“Am I going to die?” Seth asked, moving to sit, pushing as much steel into his voice as he could, hoping it would drown out the terror and give the illusion of confidence he did not have. He was the son of a Lord, one of the strongest golds in the Baron of the Deep’s territory, but he didn’t feel like one.
The man before him had killed an entire group of soul mages armed with weapons specifically designed to kill people like him. He’d even survived instructor Macbeth, a man strong enough to garner his father’s respect.
The priest looked at him a moment longer before returning his attention to flames. The fire, it seemed, was more interesting to him than the question of a boy.
Seth decided he would not be ignored. If he was going to die, then he needed to know, needed to prepare himself. He might not be a soul mage, but he was human. Humans did not die like animals. His mind wandered to a memory of an assemblage of cars and a gold instructor and he shivered. I will not die like them.
No, his mind answered. You’ll die worse than them.
He fought the thought and his head ache came alive. It grew from a hum to a throb and he felt the whisper of its need to grow more spilling across his mind until…
He froze.
Brows furrowed, he broke his attention in three without knowing how. He kept one on the priest, noticing for the first time the man sat on a log. The second he cast to the trees, numbering them as the stars in the sky.
The third was taken by a movement in the grass. Something slithered across, making a mad dash away from them, and he turned to face it, trailing its path through the trees with an odd precision. He knew it was a snake, but despite the pale moonlight, it was still too dark to make out anything tangible, and he realized he’d simply been following it by sound.
A twitch to his side pulled his attention from the creature and he moved with the grace of a dying monkey.
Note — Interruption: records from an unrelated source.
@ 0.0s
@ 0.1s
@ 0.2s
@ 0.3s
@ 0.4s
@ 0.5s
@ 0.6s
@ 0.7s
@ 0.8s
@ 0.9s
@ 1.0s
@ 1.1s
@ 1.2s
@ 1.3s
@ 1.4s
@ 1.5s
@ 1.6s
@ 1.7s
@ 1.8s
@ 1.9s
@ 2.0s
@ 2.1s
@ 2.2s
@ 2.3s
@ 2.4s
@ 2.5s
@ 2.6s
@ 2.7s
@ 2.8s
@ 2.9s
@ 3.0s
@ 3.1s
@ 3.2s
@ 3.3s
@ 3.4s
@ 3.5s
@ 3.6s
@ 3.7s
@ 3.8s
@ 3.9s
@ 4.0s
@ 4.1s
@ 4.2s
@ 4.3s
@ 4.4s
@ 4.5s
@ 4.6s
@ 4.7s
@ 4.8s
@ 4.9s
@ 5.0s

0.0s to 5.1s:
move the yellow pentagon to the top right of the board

Fumbling out of the way, he fell to the side, avoiding something the priest had thrown at him. Whatever it was struck a tree ten paces from him and panic set in his heart, accompanied by curiosity. Had the priest just tried to kill him? He hadn’t even been looking at the man, so how had he known he’d moved? And why where there so many trees?
The last question was unreasonable and his mind sought to hide it away from him in one of its fragments. Seth frowned at this. He had no collection of a conscious effort to ignore the question, so why…
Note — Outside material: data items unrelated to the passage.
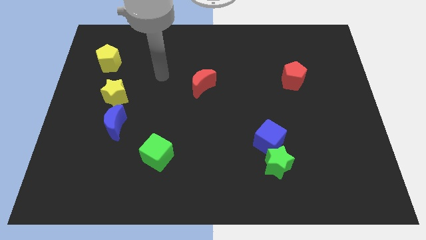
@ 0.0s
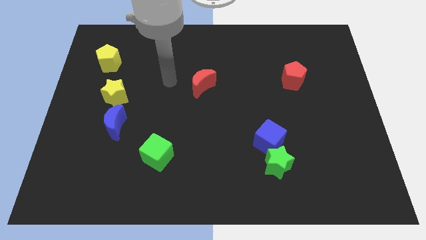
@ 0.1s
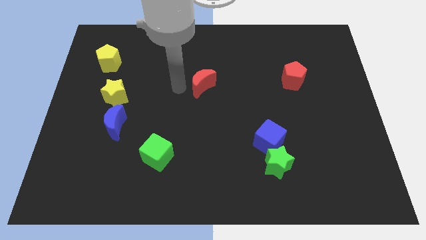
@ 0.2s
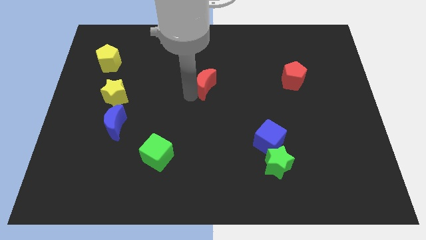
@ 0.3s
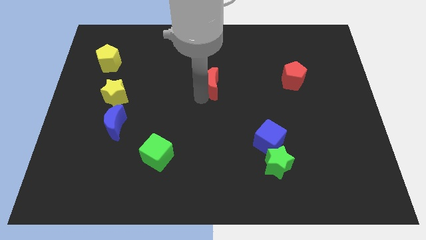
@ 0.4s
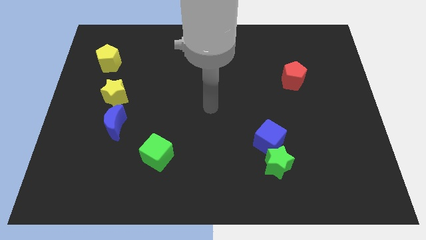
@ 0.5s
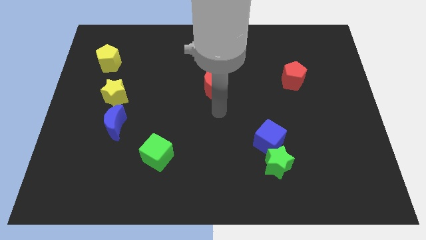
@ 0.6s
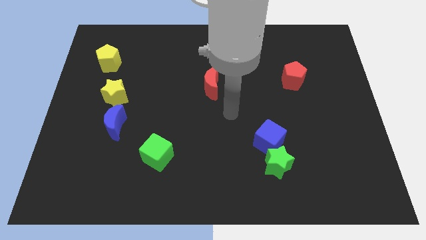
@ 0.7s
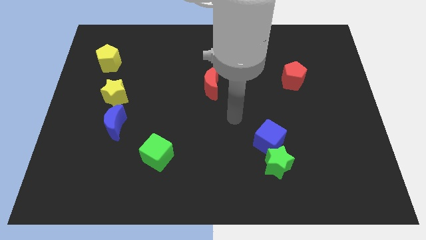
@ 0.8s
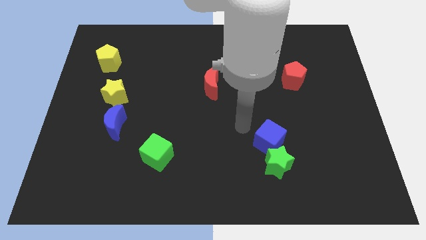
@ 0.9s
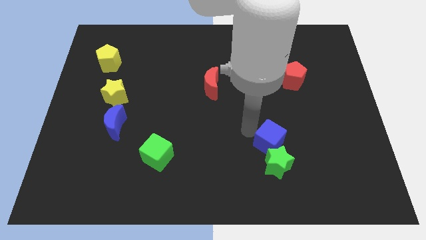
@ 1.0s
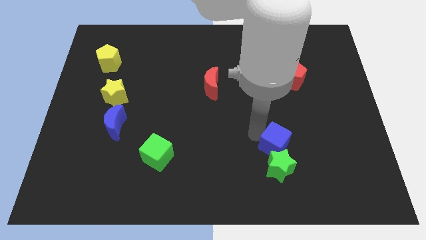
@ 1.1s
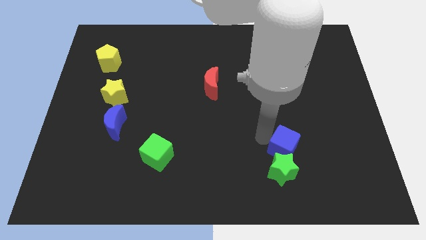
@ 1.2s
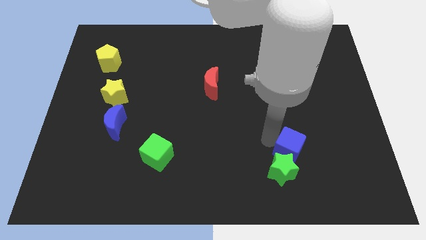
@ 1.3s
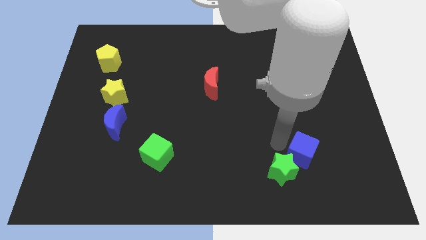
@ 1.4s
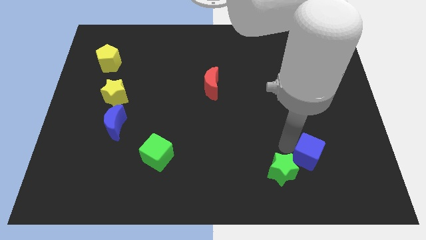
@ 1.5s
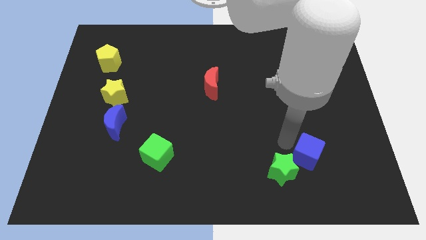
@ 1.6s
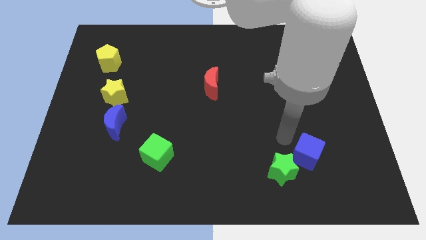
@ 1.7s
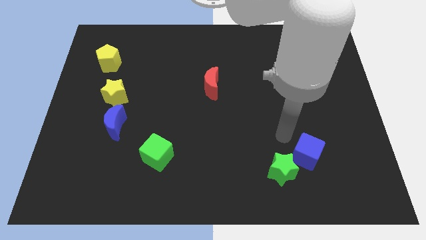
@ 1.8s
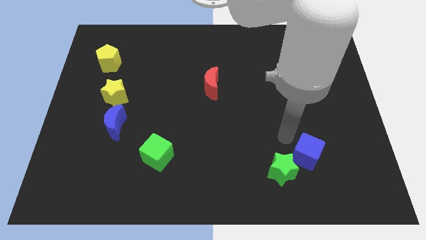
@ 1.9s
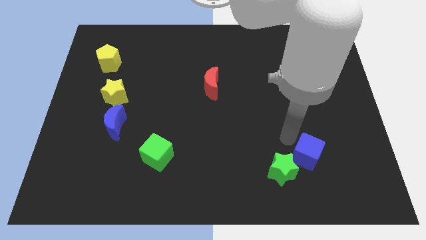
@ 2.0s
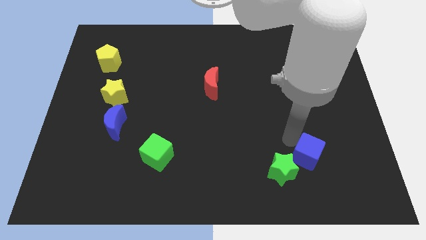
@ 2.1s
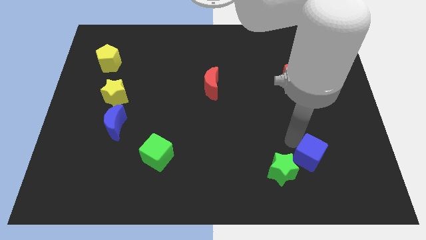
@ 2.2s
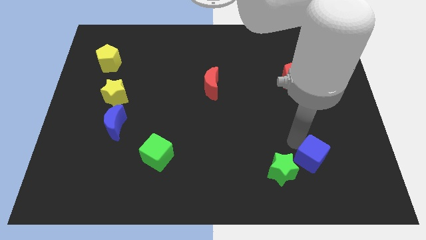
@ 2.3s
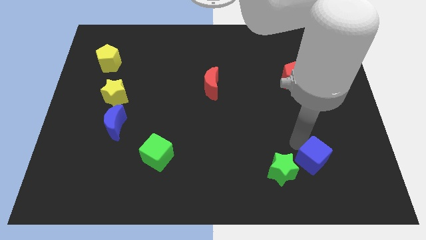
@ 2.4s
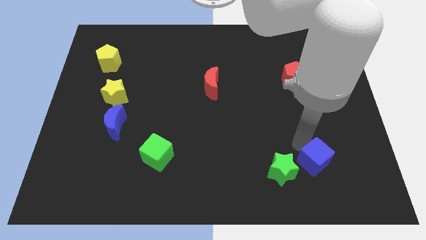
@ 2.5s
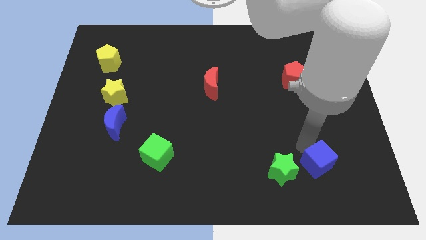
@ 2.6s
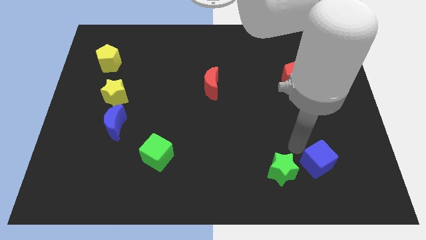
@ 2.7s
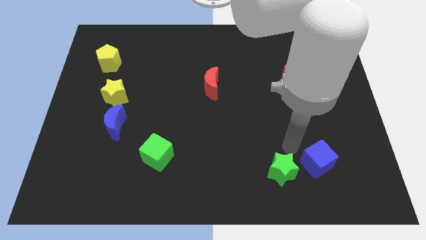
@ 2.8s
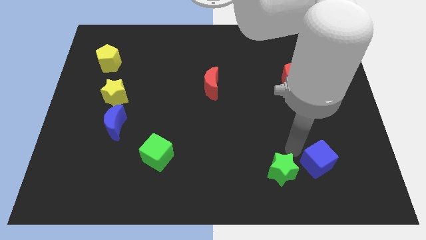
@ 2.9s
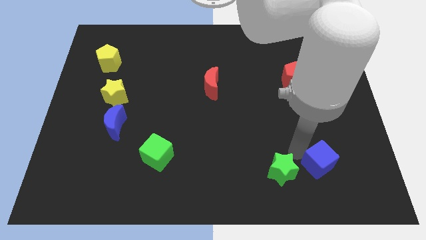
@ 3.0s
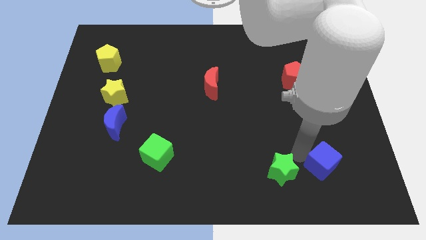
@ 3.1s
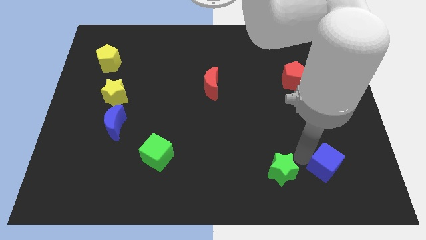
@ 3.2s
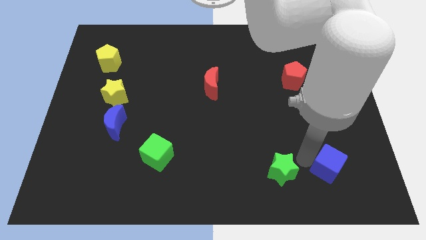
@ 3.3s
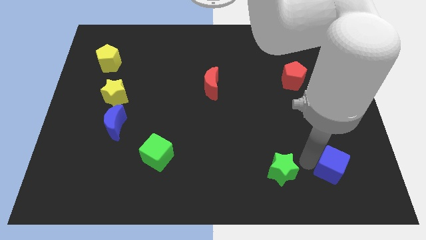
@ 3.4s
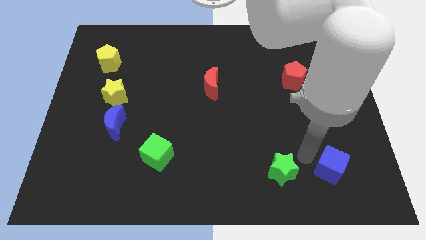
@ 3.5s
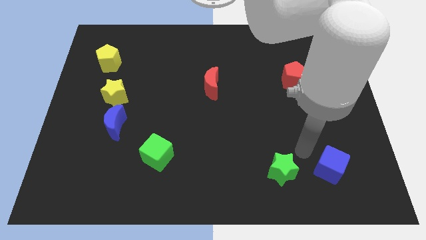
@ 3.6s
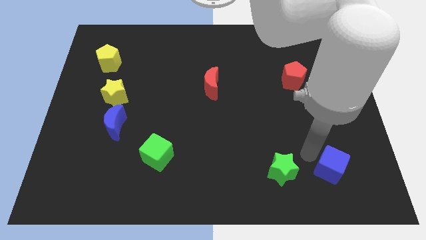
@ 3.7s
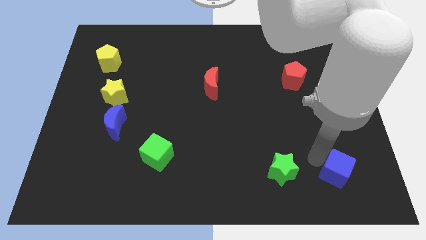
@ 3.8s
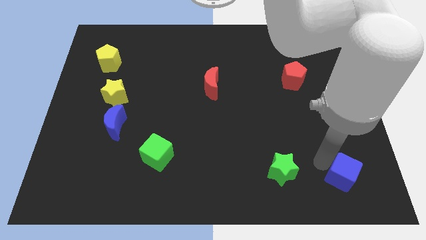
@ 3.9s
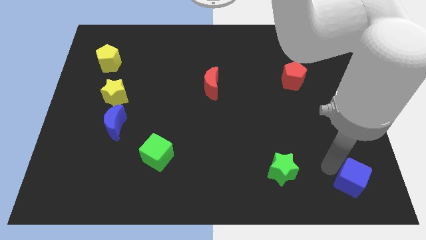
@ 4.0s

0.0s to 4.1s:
put the blue cube to the bottom right of the board

His breath caught in his throat, his mind growing blank as he came face to face with the priest. The man’s face was mere inches from his own. Why… he panicked but his mind, or minds, he wasn’t sure, failed to create thought. The priest had been a good distance from him the entire time so how…
“Three,” the priest said.
There was no smell in his breath, nothing pleasant or unpleasant. He was so close yet Seth hadn’t even felt the touch of air created when a person spoke.
“W… what?” he stammered.
The man nodded, rising to his feet as he stepped away. “It will suffice.”
While Seth knew he needed to be focused on the man’s word, his mind was held captive by a different discovery. The priest’s eyes were odder than that of soul mages. While their color wasn’t anything truly special, as far as he could guess, their actions were.
The priest’s eyes were not static like those of human eyes, souled or not. They did not stay in place, moving only as dictated from one point of interest to the next. Instead, they vibrated, like a tiny ball enforced on all side by opposing gusts of pressurized air. When they had watched him a breath ago, they had trembled, shivering in the very focus they held. It was as if the man didn’t simply look at him, but at all of him; every pore accounted for, blemish catalogued, acne noted, discoloration observed. It made him feel naked.
He did not like it.
“I am Seth Oden Darnesh,” he said, his voice a rising whisper, taking power from his father’s name and authority where he had none, in hopes it would at least affect the dynamic of power between them. “Son of Lord Darnesh, subject to Varnorth, Baron of the deep, and you will—”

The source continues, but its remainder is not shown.